Avec cette première place au classement, la 2ème ligue inter est évidemment devenue un sujet brûlant, mais elle n’en demeure pas une obsession. « L’important est de construire des bases solides pour le futur, assure Benjamin Moine. Nous allons encore renforcer le mouvement junior, puis à terme, nous espérons ainsi alimenter les actifs. Nous avons d’ailleurs créé une 2ème équipe qui joue les premiers rôles en 4ème ligue. Après, si l’équipe fait le travail et obtient sa promotion, on fera tout pour pouvoir évoluer un échelon plus haut ».

Cela ne dépendra évidemment pas uniquement du sportif, puisque l’aspect économique est crucial pour évoluer en 2ème ligue inter, avec notamment de nombreux déplacements prévus à l’autre bout du lac. « Si nous souhaitons monter, nous devrons trouver de plus gros partenaires en comptant notamment davantage sur l’aide des acteurs économiques de la région », explique le président. Actuellement, Rapid doit son salut à un président généreux, et à une forte activité locale. « Nous sommes présents à la plupart des manifestations organisées ici à Montreux. Nous étions à la cabane des bûcherons, nous serons au loto, dès qu’il y a quelque chose, nous y participons ».
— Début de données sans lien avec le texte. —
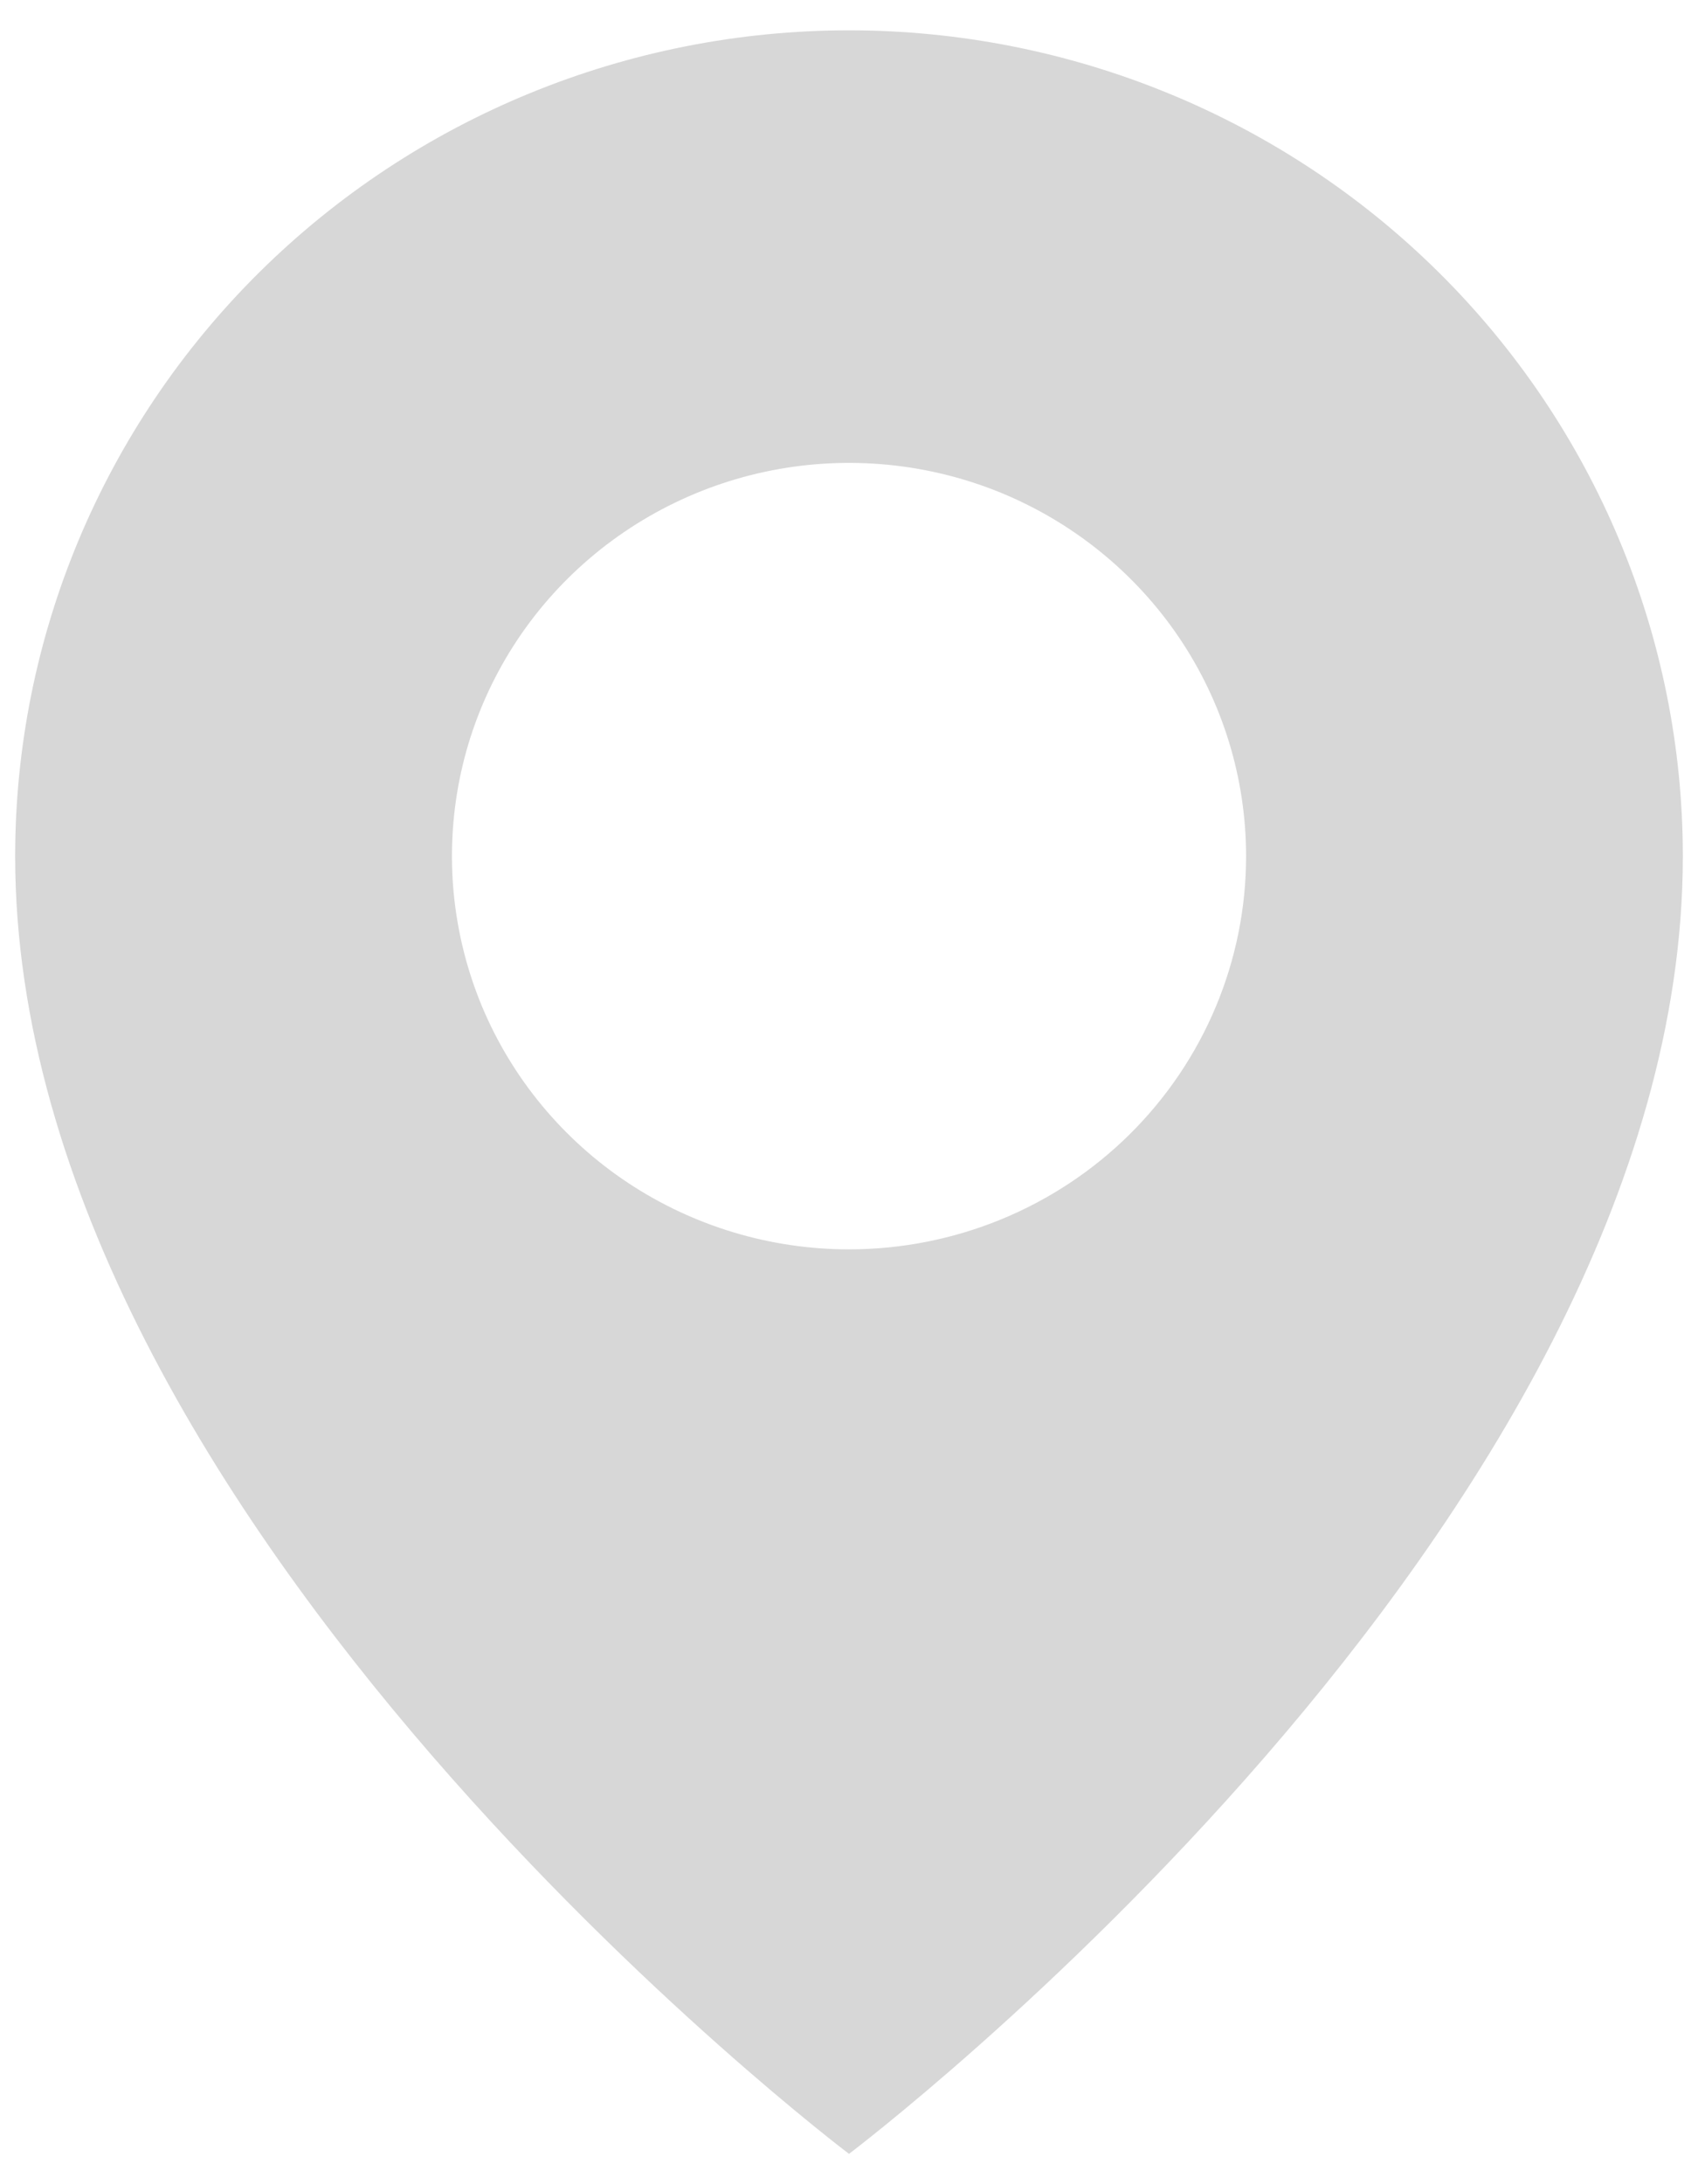 <svg width="14" height="18" viewBox="0 0 14 18" fill="none" xmlns="http://www.w3.org/2000/svg">
<path d="M7 0.25C5.177 0.25 3.428 0.967 2.139 2.243C0.849 3.52 0.125 5.251 0.125 7.056C0.125 12.565 7 17.75 7 17.75C7 17.75 13.875 12.565 13.875 7.056C13.875 5.251 13.151 3.52 11.861 2.243C10.572 0.967 8.823 0.25 7 0.25ZM7 10.296C6.353 10.296 5.72 10.106 5.181 9.75C4.643 9.394 4.223 8.888 3.975 8.296C3.728 7.704 3.663 7.052 3.789 6.423C3.915 5.795 4.227 5.217 4.685 4.764C5.143 4.311 5.726 4.002 6.361 3.877C6.996 3.752 7.655 3.816 8.253 4.061C8.851 4.307 9.362 4.722 9.722 5.255C10.082 5.788 10.274 6.415 10.274 7.056C10.274 7.915 9.929 8.739 9.315 9.347C8.701 9.955 7.868 10.296 7 10.296Z" fill="#D7D7D7"/>
</svg>

L’équipe en fête après la victoire 3-1 contre Vevey II, lors du dernier match du premier tour. (Photo: Alain Schmitz)

Même si la première équipe venait à monter, Benjamin Moine et Mario Gori ne changeront en aucun cas ce qui à leurs yeux représente la plus grande richesse de Rapid : la camaraderie. « Avoir une bonne équipe, c’est génial, mais avoir une équipe de copains est selon nous primordial. On a renforcé l’équipe notamment lorsque nous sommes montés en 2ème ligue, mais nous avons fait attention à préserver cette ambiance de potes ». Les Montreusiens étaient d’ailleurs à Malaga le week-end dernier pour leur traditionnel voyage d’équipe avant de reprendre les choses sérieuses et d’entamer le gros de leur préparation.

Les six prochains mois seront cruciaux concernant la suprématie de la ville de Montreux. Rapid-Montreux pourrait frapper un grand coup en cas de promotion, alors que l’historique Montreux-Sports pourrait lui se retrouver deux ligues en-dessous, dans le pire des scénarios. Nul doute que ce second tour sera palpitant et que la date du dimanche 2 juin est déjà inscrite dans tous les agendas avec un derby retour qui pourrait se révéler décisif.